I have a very small circle of friends. In fact, I almost have nothing. I am not the type who posts something on Facebook, one which is very random, and people go on commenting on it like we're close and talk all the time. I'm not the type who tags a lot of different people on posts or photos. I am not the type who receives wall posts from people who tell me that they have something for me in my inbox or just about anything.

Social networks make me feel more alone.

I am not the type who goes out with different groups of friends for lunch or dinner. I go out with a few friends, though. It's not that I get tired of going out with them... of course, I don't. I just think sometimes that I don't have good social skills that's why I'm like this.

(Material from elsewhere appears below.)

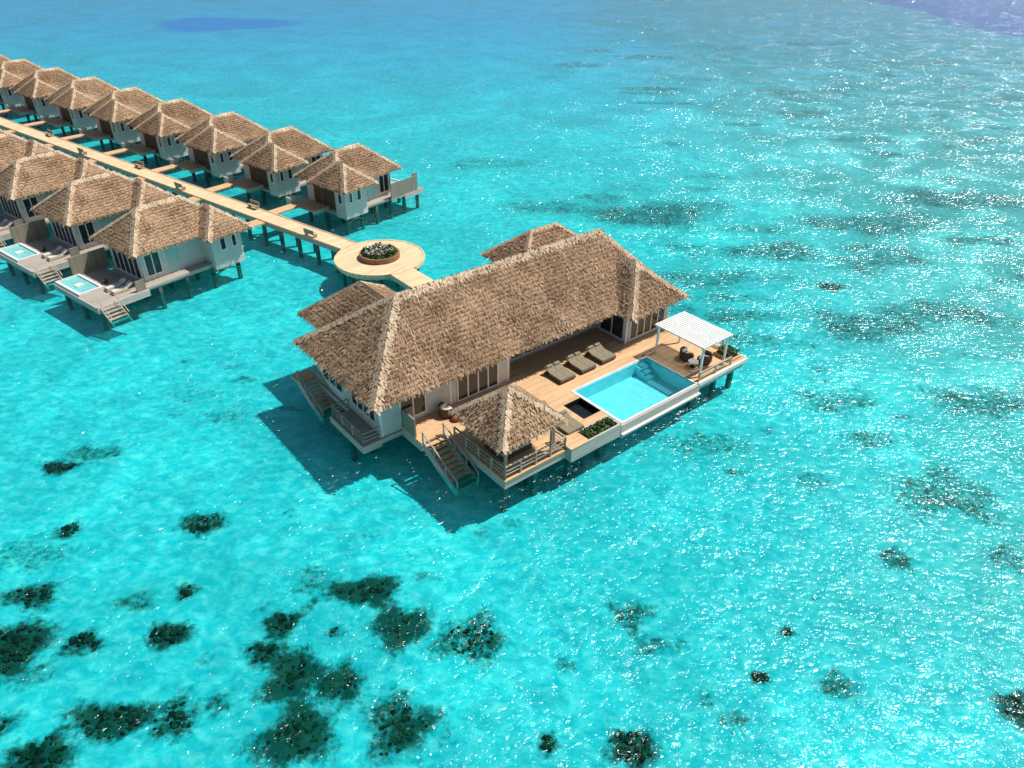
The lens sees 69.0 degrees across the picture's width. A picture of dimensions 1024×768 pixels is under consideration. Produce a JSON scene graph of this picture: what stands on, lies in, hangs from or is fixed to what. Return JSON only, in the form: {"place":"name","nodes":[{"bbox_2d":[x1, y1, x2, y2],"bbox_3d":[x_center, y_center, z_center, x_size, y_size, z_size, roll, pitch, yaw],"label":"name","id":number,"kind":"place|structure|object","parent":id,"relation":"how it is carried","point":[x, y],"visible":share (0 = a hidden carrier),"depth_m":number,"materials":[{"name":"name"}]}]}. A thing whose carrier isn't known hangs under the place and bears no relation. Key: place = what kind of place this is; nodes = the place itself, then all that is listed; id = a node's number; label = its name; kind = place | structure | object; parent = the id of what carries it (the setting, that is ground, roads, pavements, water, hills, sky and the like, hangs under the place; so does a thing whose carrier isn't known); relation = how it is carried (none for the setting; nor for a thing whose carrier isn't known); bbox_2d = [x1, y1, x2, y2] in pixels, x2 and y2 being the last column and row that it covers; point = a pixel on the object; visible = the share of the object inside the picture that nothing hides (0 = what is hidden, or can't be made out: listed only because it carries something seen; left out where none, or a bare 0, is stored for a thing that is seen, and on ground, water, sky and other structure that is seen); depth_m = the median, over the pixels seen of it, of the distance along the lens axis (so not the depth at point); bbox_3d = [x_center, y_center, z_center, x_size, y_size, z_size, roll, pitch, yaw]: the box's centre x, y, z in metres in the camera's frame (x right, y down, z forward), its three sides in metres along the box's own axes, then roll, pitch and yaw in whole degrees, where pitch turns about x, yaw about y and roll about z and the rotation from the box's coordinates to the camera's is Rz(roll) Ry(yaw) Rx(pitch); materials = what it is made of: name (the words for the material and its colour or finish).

It's not that I want to have new friends and replace the old ones... no, that's not it. It's a bit complicated to talk more about my reasons in this blog so I might as well keep it to myself and think about it on my own. Nobody understands me when I bring this up, not even the person whom I have known to call as best friend.

This is fine for me, though. This being alone. I'm very much used to be alone with my own thoughts and sulk in one corner of the world, invisible to almost everyone. I come to and go from class alone. I often talk to no one except when it's about important things like having to listen to classmates who say "We should meet later for this project" or "I think Death in the Andes is very disturbing" or "When is the exam?" and react on what they say with "Okay" or "Wow... that's... interesting..." or "On Tuesday." If nobody's gonna talk to me then I'll shut up the whole time.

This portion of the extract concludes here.